Chapter XXV.
OF THE MANNER OF THE CITY AND HOW YWAIN FELL ADROWSING THEREIN.

AH, said Ywain, what is this city and by whom builded? For it is certain that I came never here until now, and yet there is not one tower of it that I know not of old time. And Bartholomy answered him not, but out of the dusk a voice came and answered him, saying: Good truth and good reason, for this city was builded from the beginning, and all men are by nature free thereof; so that come they what day they will they come not as strangers but inheritors. Then Ywain saw a man before him standing, habited after the fashion of the religious: and he saw him gladly, for he took comfort in the words that he had spoken. And Bartholomy was comforted also, for he had been in doubt how they should come that night into the city, seeing that by likelihood the gates would be shut and guarded. And he took the man by the hand and entreated him that he would make good his saying: and he told him how they were of Paladore, come hither by reason of weariness, and how they were by name Ywain and Bartholomy. And he answered them, Yea, but they should have new names for a new life; for he also had in the world a name worldly, but was now become Vincentius, and prayed daily against remembrance of things past.

Then Bartholomy said Ay: and Ywain spoke no word, but his lips trembled. And Vincent looked upon their two faces, and he perceived the diversity of them, for he read them as the pages of a book. And he said to Bartholomy: What look you to find here? And he answered Peace: and Vincent said to him, It is well. Then he asked of Ywain also the same question: and Ywain said openly: I am a lover and a seeker, and I look only to love and to seek. And Vincent answered him: It is well with you also, since you are come hither: for you shall love that which you desire not, and seek that which you have never seen.

Then he led them down toward the city: and as they went they were astonished that he should so have met with them in the nick of need. But Vincent said that it was no marvel: for that every day at the time of twilight it was his custom to come forth out of the city and walk abroad, to the intent that he might lead in any that were forwandered. So they came to the gate and passed in with him, and he brought them through the city to a house where they should be lodged, and they supped there within the hour.

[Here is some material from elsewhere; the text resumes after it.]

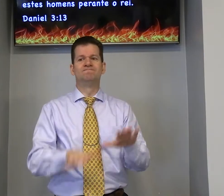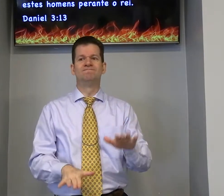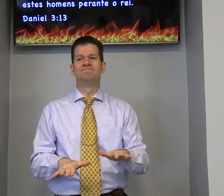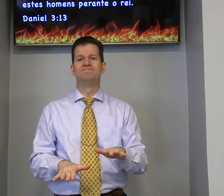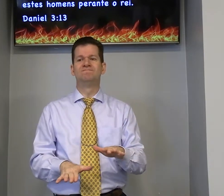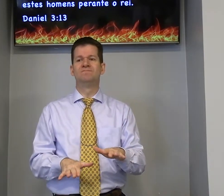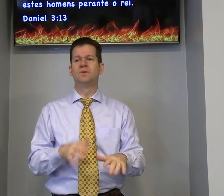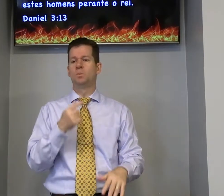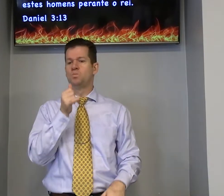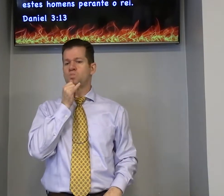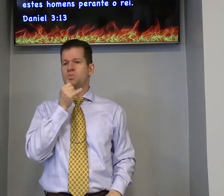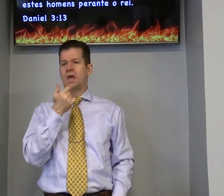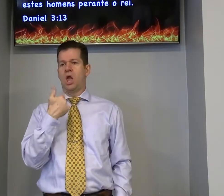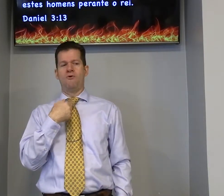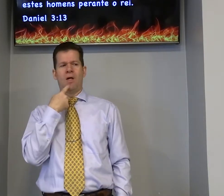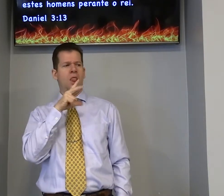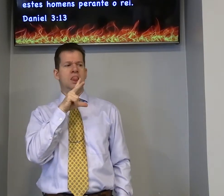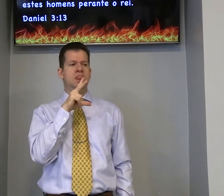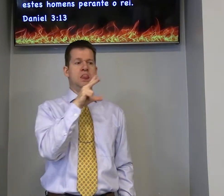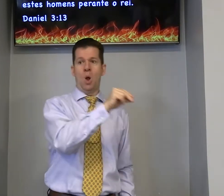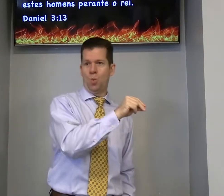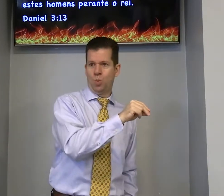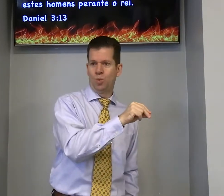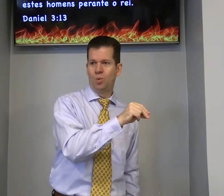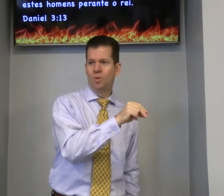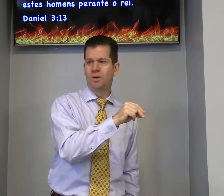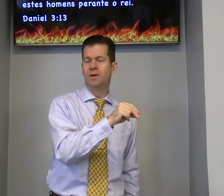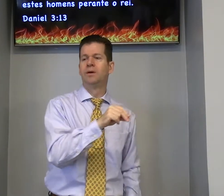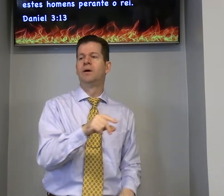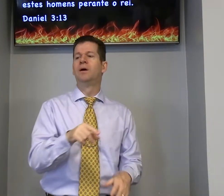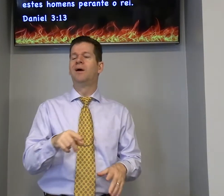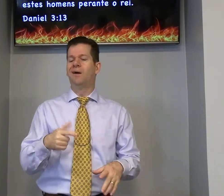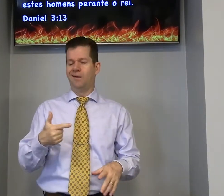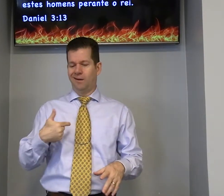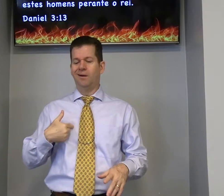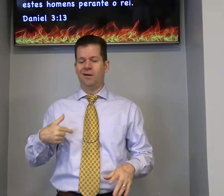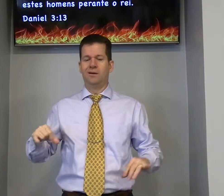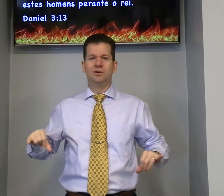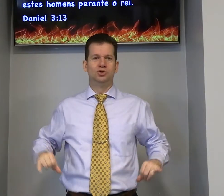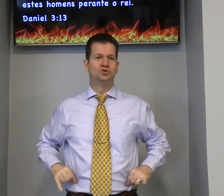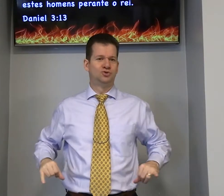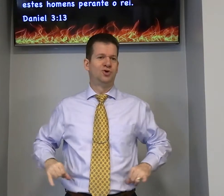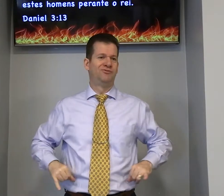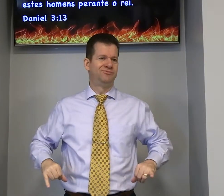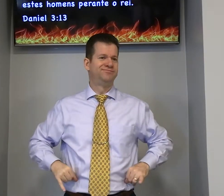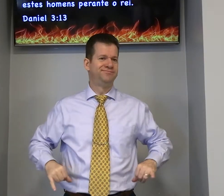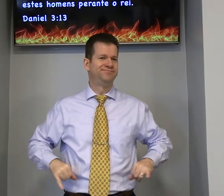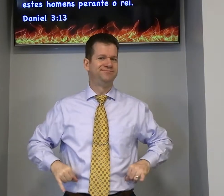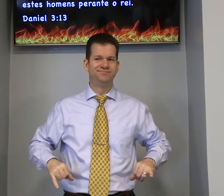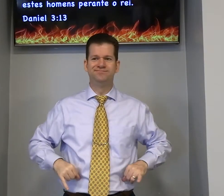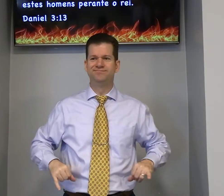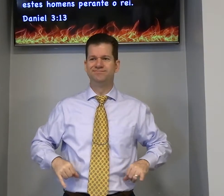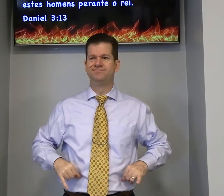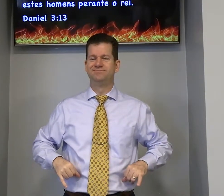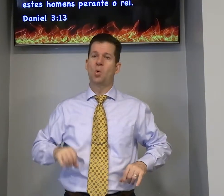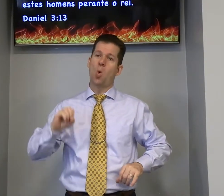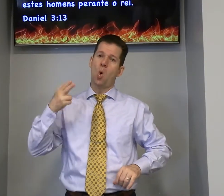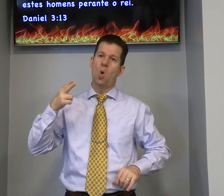as vezes por exemplo não quero falar não mas é

And while they sat at supper they spoke of all that had fortuned to them: and Vincent heard them and answered them comfortably, as a Doctor will answer them which are diseased. But of that which he said Ywain heard not the half, by reason of the bells which continued sounding above the city: for the sound of them wrapt him about as it were with softness and with sleep. And his weariness became pleasant to him and his thought a dream: and he desired nothing else but to hear those bells continually both by night and by day.

And so it fortuned to him and to Bartholomy: for this was the manner of the city whereto they were come, and when it was showed to them they received it to their joy and solace. Then might you have seen them rising lively from their beds, and going forth under morning mist to keep the daily ordinance: for though the city was thronged with all manner of folk yet there was but one and the same rule for all. And they rang bells at the point of day, and again when they had broken fast: and they rang before noon and after, and at evening and at midnight, so that they went never an hour without ringing of bells in some part of that city. And they took all their delight therein, and when they met together, as at board or bench or whatsoever doing, then they would have their converse of bells and of the comfort they took thereby. For they supposed that the properties of bells were many and diverse: and they heard one bell for courage and another for meditation, and one for ruth and another for gladness. And the deepest they heard for fellowship, seeing that the sound of it was very great and came into every house both near and far. And in sum, the life of those which dwelt in that city was all to ring bells and to hear them, and to do no other thing: and therefrom was their sustenance and their repute.

So Ywain went daily aringing with the rest: and he lived as it were by sound alone and thought to have found peace. For his sorrow was rocked continually as a child is rocked in a cradle, and his soul was stilled as with a lullaby.